[Try it]
Where a line in the material below has the string "rect", please report it.

[Data extract]
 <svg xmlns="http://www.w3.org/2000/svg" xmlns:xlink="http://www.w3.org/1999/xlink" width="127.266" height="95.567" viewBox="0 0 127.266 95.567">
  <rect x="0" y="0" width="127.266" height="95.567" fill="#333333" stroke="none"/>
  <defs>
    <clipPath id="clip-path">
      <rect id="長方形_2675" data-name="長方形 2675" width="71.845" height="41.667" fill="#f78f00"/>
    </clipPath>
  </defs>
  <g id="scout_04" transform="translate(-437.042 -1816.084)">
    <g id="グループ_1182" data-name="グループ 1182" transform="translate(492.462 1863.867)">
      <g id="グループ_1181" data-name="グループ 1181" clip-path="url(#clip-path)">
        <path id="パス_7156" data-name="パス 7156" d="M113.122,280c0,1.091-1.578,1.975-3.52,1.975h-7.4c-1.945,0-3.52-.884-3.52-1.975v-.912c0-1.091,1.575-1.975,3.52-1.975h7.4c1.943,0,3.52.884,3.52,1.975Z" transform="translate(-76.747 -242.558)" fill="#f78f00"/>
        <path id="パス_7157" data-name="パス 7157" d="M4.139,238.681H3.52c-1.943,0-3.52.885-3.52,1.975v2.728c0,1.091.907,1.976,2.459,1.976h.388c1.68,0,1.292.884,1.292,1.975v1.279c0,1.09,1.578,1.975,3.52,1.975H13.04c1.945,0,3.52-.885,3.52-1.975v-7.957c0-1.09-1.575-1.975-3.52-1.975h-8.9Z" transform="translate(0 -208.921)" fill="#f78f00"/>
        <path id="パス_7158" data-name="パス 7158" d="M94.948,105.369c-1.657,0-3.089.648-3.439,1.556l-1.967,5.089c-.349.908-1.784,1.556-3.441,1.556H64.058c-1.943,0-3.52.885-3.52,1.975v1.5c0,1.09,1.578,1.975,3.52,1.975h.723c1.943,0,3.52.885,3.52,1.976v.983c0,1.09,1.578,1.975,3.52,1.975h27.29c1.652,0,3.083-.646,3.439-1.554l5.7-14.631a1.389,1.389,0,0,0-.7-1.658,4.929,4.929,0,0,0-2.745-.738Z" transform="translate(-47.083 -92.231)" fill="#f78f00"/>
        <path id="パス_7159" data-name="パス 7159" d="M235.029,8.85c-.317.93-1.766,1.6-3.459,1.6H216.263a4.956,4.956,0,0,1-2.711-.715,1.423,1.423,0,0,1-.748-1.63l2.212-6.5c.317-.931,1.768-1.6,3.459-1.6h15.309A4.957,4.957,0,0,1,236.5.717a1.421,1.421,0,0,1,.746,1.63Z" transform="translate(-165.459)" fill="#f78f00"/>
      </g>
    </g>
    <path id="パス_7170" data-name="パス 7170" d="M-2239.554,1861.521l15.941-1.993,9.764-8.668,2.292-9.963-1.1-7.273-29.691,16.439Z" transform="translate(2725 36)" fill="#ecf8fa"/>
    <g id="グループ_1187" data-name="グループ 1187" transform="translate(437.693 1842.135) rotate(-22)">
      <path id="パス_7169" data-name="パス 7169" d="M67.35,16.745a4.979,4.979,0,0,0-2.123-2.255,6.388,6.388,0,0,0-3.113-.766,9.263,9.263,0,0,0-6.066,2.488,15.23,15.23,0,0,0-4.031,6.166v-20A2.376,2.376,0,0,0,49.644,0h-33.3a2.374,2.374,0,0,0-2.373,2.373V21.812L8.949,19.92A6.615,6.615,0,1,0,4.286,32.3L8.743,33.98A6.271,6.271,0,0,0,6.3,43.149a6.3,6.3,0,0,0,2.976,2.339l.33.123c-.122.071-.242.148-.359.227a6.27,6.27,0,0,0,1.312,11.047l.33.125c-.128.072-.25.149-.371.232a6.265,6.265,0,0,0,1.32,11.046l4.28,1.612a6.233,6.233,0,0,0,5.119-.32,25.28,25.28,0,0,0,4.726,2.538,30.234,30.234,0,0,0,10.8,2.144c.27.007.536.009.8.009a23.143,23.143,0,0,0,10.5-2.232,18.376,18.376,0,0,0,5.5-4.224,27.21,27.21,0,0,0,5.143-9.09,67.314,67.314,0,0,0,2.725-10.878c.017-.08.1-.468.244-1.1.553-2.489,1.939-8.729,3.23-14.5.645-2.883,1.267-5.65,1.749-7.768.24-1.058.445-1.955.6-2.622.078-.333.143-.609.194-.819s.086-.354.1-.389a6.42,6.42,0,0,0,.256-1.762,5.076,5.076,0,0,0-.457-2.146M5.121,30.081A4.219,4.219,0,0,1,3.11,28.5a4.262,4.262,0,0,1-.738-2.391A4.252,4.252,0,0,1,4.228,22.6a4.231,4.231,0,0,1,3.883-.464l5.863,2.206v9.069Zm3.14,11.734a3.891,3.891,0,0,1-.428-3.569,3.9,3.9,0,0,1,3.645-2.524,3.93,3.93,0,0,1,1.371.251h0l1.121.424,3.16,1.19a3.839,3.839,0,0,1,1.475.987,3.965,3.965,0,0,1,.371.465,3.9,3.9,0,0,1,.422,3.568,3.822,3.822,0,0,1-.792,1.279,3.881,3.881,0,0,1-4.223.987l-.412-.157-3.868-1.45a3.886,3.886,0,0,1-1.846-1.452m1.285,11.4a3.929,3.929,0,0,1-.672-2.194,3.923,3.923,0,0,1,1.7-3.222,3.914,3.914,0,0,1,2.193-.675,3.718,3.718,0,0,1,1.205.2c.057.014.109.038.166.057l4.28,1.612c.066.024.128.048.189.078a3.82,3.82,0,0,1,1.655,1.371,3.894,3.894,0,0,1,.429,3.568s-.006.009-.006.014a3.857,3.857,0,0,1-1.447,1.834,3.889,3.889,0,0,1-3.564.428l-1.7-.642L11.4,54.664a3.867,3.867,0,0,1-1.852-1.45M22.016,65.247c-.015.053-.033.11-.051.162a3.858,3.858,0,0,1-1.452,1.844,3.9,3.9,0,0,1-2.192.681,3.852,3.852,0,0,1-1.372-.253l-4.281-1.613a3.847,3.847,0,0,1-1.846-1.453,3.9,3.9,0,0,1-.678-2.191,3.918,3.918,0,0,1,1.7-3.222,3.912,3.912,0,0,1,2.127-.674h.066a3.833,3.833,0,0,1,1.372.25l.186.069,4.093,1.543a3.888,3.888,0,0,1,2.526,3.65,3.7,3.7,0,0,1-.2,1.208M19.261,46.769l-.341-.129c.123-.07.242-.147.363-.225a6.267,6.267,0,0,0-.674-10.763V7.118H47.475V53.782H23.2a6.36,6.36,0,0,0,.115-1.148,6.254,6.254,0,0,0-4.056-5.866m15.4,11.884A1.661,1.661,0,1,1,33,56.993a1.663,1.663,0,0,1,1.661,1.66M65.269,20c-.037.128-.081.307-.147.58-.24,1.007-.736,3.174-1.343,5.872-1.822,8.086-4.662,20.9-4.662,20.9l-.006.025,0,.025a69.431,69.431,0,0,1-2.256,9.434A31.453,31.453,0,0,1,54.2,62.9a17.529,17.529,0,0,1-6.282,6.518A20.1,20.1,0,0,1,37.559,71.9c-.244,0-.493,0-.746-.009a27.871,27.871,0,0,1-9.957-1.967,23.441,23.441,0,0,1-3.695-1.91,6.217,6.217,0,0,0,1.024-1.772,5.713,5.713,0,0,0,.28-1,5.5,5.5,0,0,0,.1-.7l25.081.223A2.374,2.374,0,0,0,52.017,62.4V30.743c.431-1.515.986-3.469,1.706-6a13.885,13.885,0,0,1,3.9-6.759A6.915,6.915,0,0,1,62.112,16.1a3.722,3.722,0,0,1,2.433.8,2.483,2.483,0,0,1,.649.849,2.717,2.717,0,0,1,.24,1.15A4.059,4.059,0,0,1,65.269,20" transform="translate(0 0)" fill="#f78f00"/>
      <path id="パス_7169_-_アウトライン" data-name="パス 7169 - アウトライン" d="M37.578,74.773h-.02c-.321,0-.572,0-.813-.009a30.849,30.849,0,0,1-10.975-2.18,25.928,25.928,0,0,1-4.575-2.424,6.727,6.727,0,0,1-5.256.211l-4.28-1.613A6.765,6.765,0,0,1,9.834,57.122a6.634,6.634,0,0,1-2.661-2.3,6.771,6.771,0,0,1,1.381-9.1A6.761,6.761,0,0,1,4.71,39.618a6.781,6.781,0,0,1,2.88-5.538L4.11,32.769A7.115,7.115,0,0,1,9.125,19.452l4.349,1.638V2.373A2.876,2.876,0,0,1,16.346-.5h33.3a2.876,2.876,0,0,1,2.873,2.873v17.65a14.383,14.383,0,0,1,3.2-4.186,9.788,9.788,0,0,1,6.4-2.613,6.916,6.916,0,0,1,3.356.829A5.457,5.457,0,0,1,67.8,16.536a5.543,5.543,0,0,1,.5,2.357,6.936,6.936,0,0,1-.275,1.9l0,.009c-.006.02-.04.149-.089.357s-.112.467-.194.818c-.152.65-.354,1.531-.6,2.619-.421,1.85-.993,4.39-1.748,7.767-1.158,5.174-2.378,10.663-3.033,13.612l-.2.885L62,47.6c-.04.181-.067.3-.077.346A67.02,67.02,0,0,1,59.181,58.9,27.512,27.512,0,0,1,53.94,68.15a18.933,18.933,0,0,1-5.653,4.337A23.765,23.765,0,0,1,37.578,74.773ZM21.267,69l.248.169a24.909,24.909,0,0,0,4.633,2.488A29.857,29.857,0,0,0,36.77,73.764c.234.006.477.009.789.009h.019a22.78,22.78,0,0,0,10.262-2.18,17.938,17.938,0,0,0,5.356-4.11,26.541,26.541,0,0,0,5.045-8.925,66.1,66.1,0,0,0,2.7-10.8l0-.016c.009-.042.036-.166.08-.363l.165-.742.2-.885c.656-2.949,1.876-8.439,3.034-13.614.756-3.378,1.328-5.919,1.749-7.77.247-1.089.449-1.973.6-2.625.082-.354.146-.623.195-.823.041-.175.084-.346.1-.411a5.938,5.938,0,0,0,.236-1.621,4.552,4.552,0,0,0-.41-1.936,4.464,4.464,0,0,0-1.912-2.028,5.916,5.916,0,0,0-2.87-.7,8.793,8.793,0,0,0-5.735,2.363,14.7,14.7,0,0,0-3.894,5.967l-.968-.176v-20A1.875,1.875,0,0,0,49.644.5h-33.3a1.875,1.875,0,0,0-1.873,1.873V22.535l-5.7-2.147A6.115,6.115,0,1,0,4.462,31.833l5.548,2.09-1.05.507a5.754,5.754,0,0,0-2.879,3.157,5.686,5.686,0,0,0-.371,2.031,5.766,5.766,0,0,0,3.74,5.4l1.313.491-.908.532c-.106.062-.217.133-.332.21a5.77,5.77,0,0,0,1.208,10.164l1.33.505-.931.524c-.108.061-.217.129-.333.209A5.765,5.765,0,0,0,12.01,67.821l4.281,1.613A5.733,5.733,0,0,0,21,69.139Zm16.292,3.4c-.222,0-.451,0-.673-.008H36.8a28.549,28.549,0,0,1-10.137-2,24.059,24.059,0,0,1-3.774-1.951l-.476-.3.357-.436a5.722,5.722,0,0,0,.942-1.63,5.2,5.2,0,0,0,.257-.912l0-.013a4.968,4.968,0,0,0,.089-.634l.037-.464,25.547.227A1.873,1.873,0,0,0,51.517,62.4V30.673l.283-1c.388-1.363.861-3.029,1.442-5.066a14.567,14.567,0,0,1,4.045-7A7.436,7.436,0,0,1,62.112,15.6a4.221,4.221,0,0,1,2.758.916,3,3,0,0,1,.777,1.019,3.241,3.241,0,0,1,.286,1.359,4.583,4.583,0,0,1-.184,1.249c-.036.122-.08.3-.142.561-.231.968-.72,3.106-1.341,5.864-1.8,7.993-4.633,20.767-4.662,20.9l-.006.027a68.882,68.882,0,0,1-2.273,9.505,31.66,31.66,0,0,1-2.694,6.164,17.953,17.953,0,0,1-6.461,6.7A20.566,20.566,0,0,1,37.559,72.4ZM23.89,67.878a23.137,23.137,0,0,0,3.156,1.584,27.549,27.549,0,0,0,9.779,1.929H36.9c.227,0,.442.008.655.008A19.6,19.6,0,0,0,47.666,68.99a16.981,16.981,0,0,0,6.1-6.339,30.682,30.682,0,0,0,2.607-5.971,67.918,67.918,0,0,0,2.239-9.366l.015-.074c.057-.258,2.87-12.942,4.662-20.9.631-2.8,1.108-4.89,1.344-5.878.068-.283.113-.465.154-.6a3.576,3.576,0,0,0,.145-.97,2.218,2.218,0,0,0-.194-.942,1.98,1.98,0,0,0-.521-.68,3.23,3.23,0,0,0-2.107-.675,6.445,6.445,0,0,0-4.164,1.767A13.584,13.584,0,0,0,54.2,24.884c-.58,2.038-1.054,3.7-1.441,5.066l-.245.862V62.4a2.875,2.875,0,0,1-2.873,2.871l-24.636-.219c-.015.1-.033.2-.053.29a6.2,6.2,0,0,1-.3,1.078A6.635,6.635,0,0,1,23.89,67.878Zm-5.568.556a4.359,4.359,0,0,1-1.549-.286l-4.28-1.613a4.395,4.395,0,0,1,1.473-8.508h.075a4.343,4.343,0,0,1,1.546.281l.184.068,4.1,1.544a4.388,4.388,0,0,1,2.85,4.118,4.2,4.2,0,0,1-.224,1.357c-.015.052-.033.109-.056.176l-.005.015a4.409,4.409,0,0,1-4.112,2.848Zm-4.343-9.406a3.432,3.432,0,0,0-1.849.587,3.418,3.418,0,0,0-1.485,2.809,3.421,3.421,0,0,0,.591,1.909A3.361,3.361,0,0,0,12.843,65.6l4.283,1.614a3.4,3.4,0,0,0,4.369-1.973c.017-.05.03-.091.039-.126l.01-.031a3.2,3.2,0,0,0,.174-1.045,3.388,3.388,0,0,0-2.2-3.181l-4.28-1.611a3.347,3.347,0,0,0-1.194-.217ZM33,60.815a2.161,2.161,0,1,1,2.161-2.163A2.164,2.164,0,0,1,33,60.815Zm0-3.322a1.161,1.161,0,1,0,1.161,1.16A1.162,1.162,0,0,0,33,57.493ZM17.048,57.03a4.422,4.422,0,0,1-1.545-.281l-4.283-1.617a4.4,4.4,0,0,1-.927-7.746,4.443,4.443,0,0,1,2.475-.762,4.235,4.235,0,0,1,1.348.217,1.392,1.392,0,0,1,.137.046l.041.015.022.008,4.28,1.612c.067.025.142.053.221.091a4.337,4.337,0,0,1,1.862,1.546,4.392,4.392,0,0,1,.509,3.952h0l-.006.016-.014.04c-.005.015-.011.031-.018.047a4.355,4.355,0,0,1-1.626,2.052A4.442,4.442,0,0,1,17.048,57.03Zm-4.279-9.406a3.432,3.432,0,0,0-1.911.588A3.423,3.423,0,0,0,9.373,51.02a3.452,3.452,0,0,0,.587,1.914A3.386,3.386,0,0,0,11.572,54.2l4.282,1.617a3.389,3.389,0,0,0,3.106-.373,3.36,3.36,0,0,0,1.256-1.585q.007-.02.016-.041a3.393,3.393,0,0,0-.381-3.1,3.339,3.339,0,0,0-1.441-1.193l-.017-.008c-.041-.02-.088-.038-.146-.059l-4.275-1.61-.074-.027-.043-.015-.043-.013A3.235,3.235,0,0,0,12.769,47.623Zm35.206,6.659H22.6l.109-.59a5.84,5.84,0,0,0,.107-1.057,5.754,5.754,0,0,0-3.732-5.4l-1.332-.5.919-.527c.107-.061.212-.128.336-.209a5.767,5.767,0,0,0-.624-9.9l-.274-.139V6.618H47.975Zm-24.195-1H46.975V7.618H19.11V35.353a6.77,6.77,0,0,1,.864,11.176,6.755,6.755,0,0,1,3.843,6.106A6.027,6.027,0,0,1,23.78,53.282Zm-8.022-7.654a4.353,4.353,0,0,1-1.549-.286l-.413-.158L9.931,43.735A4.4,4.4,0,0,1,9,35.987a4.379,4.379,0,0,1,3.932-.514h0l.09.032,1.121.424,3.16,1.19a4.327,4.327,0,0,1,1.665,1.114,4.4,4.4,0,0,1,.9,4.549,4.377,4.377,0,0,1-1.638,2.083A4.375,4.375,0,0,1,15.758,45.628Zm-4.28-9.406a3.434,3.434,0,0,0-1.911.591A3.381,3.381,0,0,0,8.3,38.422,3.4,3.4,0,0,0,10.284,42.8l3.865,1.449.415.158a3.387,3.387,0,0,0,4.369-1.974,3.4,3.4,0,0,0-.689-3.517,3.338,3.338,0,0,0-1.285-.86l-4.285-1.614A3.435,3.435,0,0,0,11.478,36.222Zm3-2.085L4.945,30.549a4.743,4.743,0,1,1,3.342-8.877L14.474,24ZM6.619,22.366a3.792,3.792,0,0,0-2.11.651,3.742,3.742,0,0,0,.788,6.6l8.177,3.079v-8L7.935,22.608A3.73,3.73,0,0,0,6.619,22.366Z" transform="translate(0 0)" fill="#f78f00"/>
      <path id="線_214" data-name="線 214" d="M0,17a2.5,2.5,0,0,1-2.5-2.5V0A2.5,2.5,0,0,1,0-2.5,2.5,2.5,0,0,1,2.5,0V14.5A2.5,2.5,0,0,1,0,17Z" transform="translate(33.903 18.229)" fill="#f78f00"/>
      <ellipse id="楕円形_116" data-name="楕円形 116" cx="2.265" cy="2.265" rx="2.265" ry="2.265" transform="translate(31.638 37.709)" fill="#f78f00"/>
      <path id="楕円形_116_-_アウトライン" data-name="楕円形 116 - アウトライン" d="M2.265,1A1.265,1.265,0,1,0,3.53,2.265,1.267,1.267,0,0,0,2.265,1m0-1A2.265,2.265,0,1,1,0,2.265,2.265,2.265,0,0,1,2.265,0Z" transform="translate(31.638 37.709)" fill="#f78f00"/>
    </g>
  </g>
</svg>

[Problem solution]
  <rect x="0" y="0" width="127.266" height="95.567" fill="#333333" stroke="none"/>
      <rect id="長方形_2675" data-name="長方形 2675" width="71.845" height="41.667" fill="#f78f00"/>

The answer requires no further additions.